══ Dataset records ══
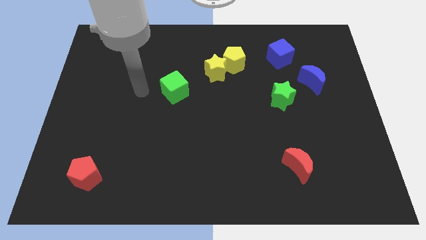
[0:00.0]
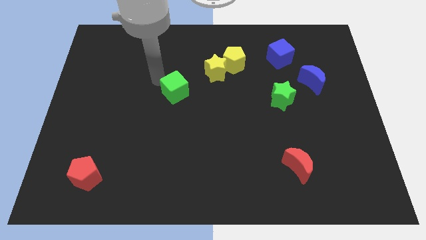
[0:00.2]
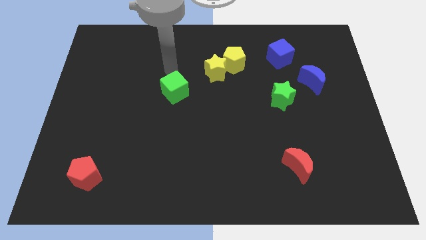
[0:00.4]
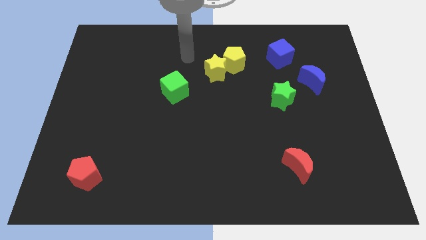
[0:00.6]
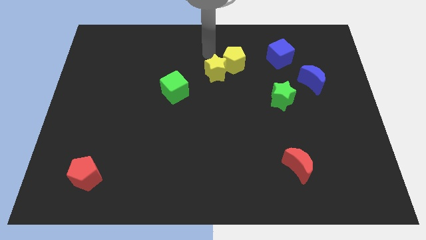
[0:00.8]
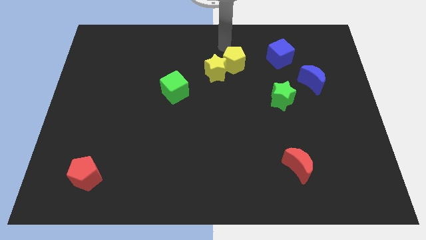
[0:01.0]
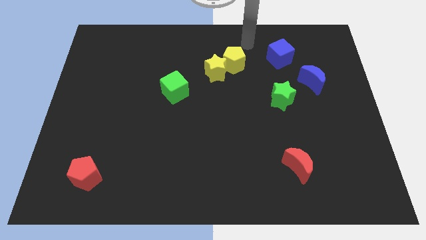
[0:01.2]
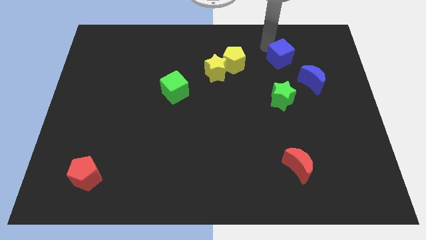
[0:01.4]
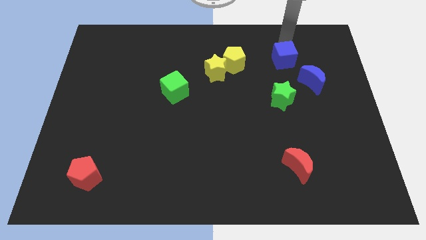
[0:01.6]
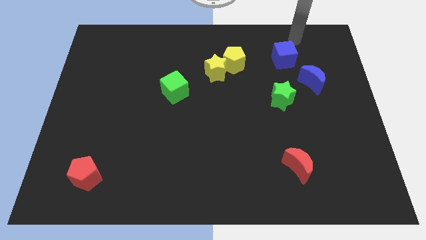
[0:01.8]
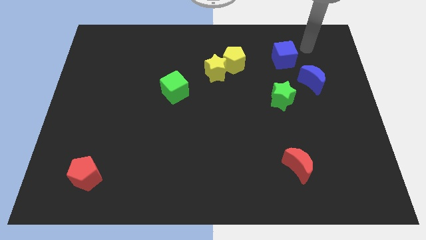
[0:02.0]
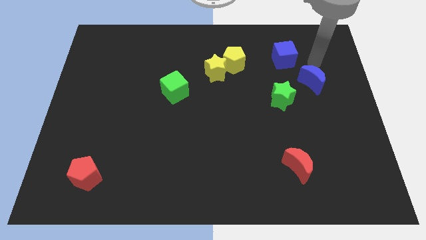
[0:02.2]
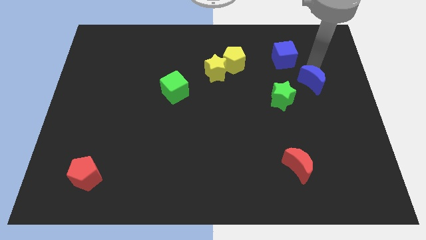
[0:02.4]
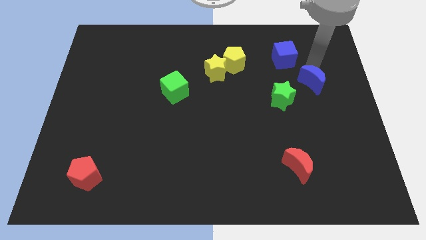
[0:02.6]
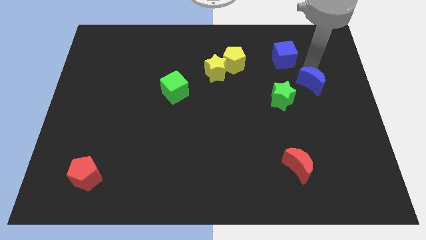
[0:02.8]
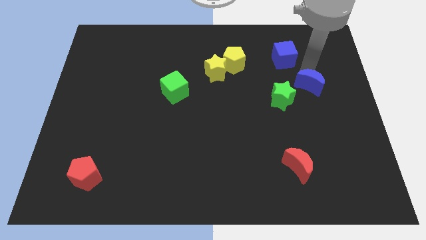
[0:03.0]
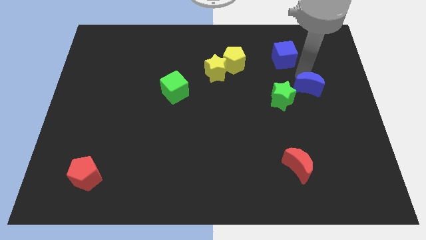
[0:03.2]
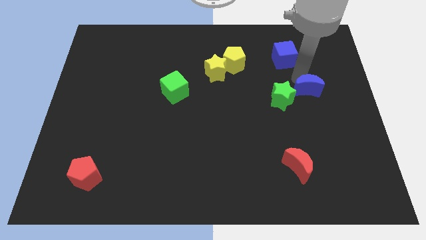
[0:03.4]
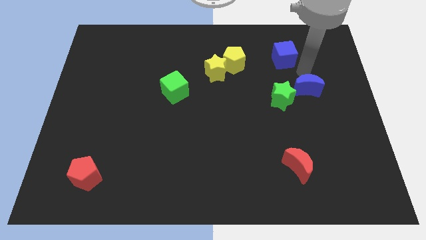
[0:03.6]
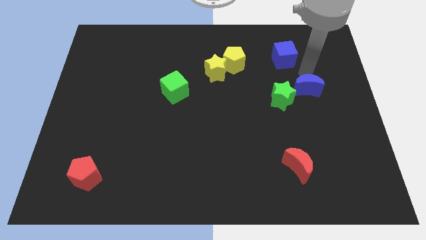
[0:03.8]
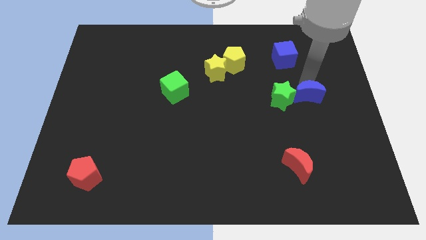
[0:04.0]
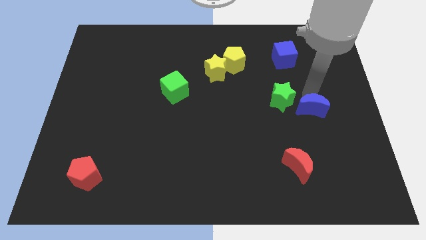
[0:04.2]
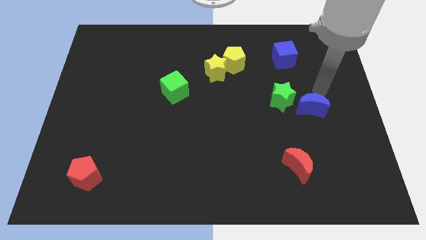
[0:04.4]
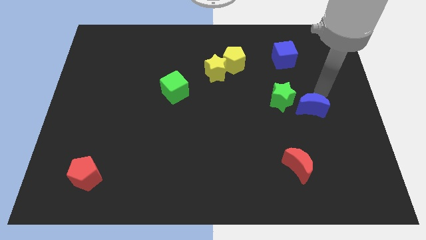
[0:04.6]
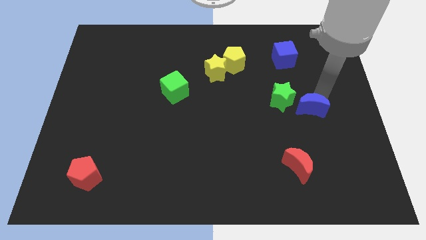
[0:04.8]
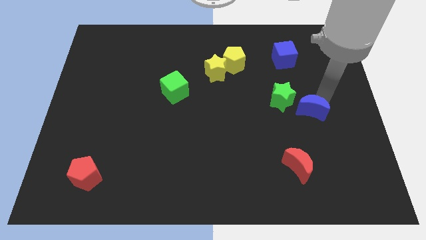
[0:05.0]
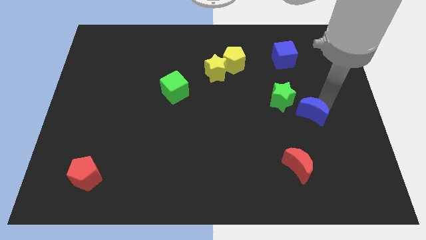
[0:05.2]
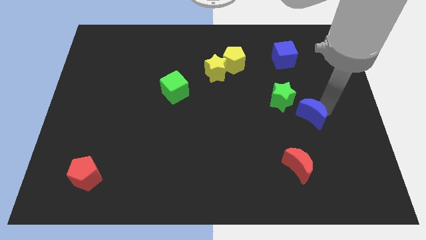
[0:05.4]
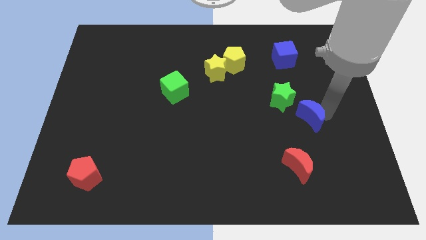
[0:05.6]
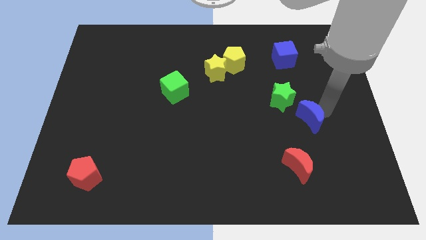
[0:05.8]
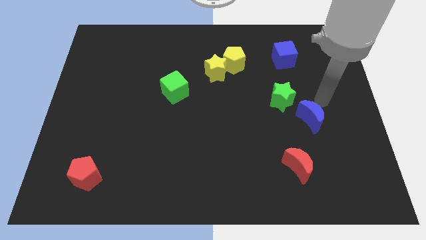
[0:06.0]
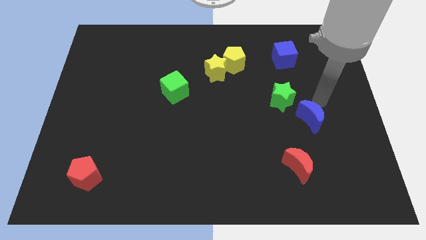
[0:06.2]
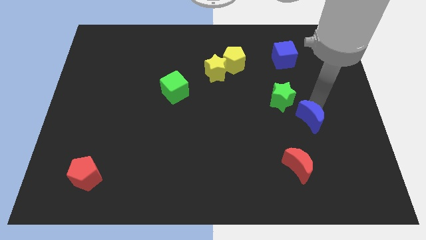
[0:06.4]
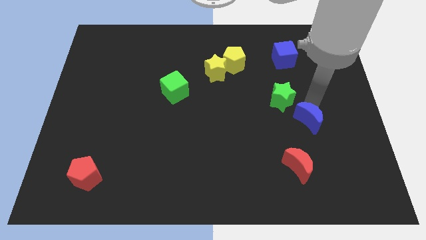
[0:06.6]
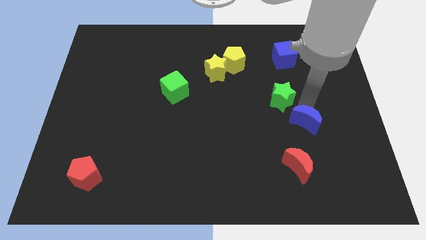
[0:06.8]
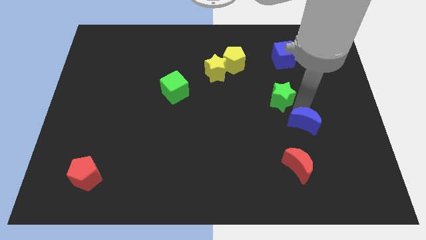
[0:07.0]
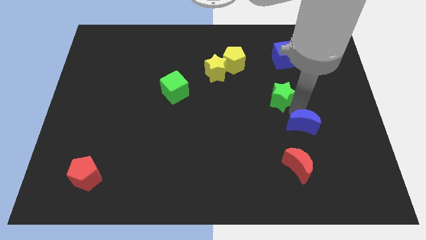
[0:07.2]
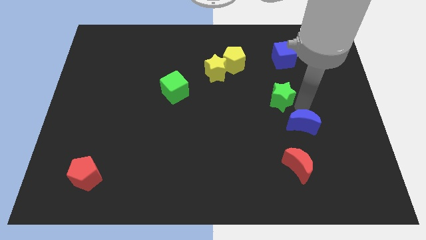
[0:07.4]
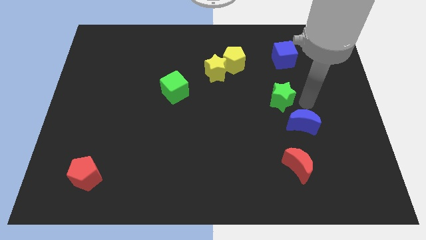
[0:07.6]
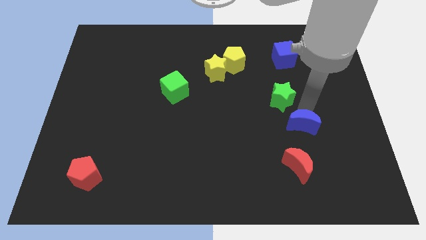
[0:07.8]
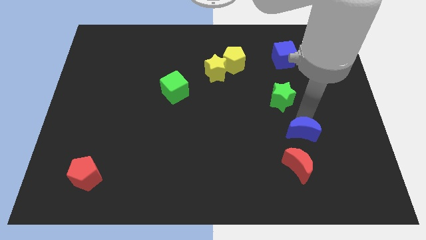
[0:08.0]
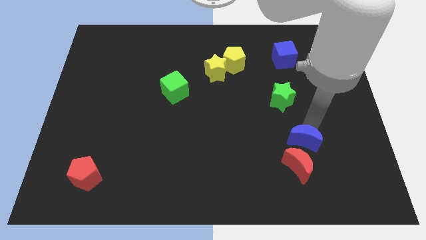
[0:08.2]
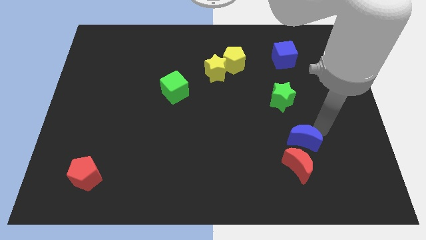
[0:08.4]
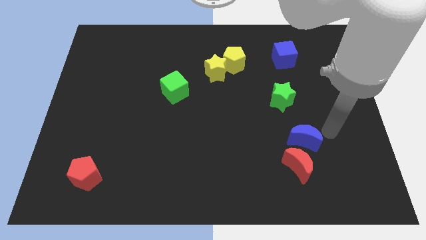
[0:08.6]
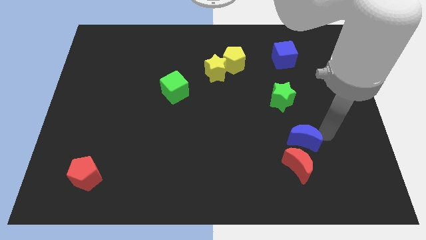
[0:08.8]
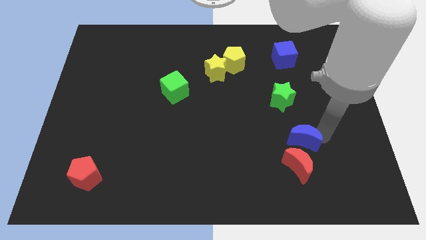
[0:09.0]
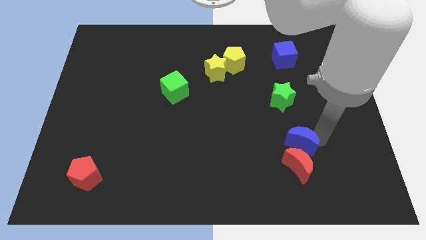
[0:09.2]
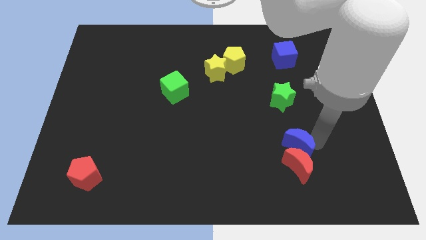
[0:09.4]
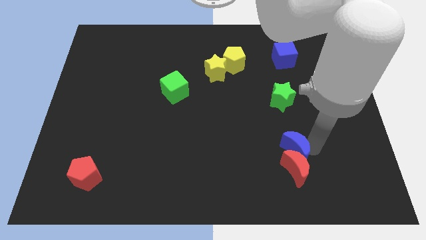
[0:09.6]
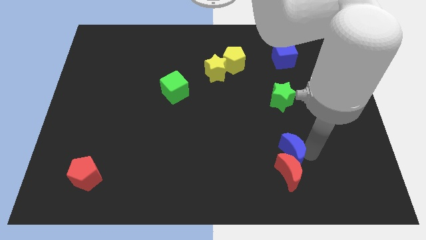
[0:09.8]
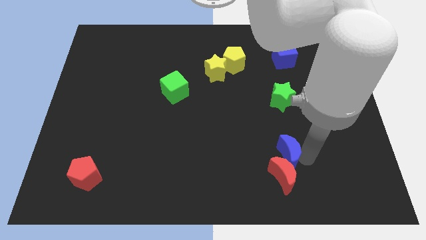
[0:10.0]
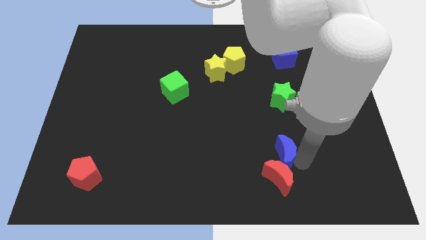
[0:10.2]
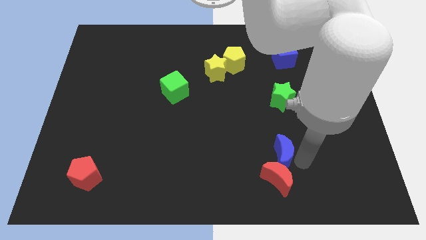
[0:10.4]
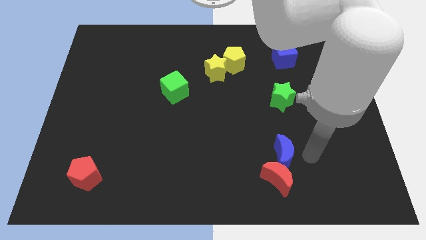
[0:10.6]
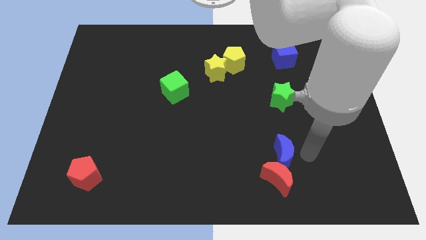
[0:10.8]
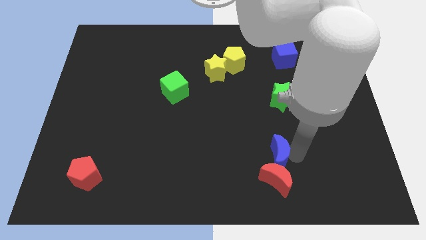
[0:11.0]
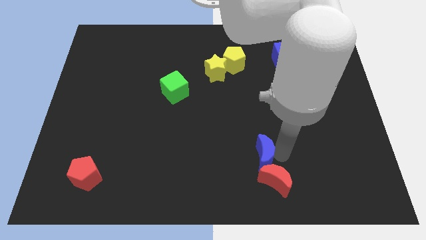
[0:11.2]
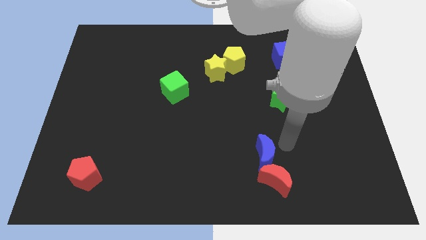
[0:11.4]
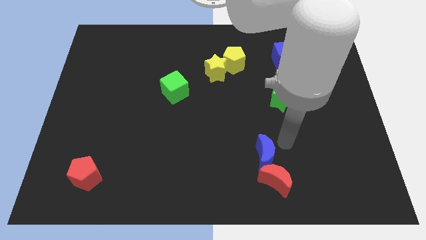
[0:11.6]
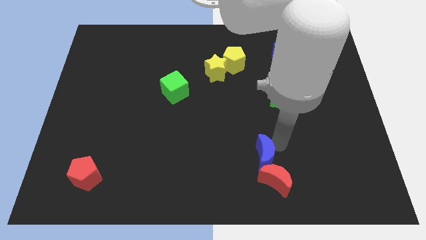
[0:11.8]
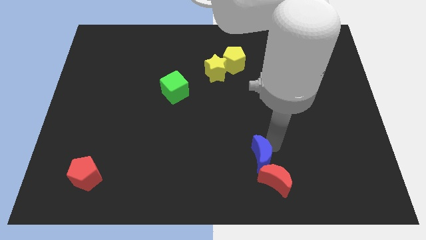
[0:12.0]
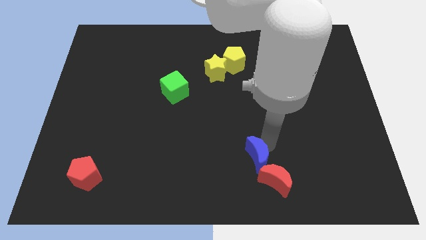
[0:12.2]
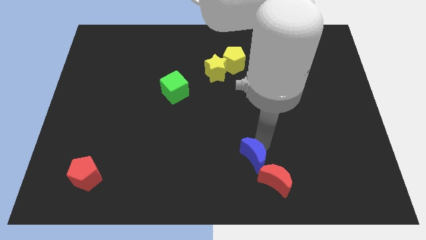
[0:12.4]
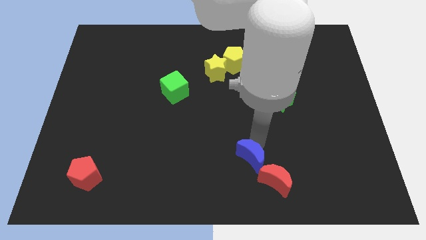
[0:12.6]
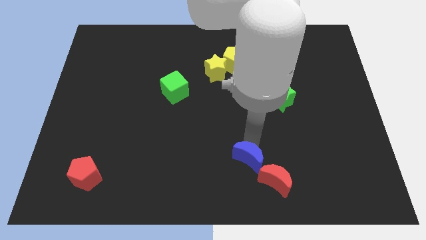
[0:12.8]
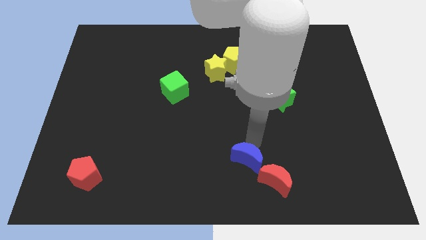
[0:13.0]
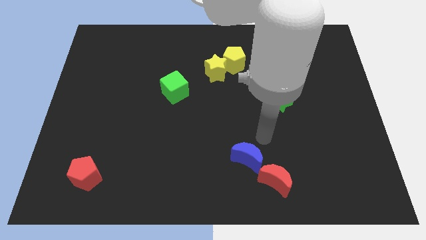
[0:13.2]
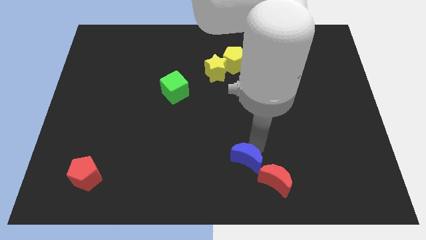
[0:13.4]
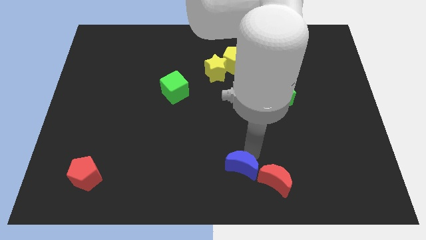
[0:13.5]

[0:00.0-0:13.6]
put the blue moon to the bottom
═══
*Your task:* Make a word-for-word copy of the entries, without any pictures.

*Written response:*
[0:00.0]
[0:00.2]
[0:00.4]
[0:00.6]
[0:00.8]
[0:01.0]
[0:01.2]
[0:01.4]
[0:01.6]
[0:01.8]
[0:02.0]
[0:02.2]
[0:02.4]
[0:02.6]
[0:02.8]
[0:03.0]
[0:03.2]
[0:03.4]
[0:03.6]
[0:03.8]
[0:04.0]
[0:04.2]
[0:04.4]
[0:04.6]
[0:04.8]
[0:05.0]
[0:05.2]
[0:05.4]
[0:05.6]
[0:05.8]
[0:06.0]
[0:06.2]
[0:06.4]
[0:06.6]
[0:06.8]
[0:07.0]
[0:07.2]
[0:07.4]
[0:07.6]
[0:07.8]
[0:08.0]
[0:08.2]
[0:08.4]
[0:08.6]
[0:08.8]
[0:09.0]
[0:09.2]
[0:09.4]
[0:09.6]
[0:09.8]
[0:10.0]
[0:10.2]
[0:10.4]
[0:10.6]
[0:10.8]
[0:11.0]
[0:11.2]
[0:11.4]
[0:11.6]
[0:11.8]
[0:12.0]
[0:12.2]
[0:12.4]
[0:12.6]
[0:12.8]
[0:13.0]
[0:13.2]
[0:13.4]
[0:13.5]

[0:00.0-0:13.6]
put the blue moon to the bottom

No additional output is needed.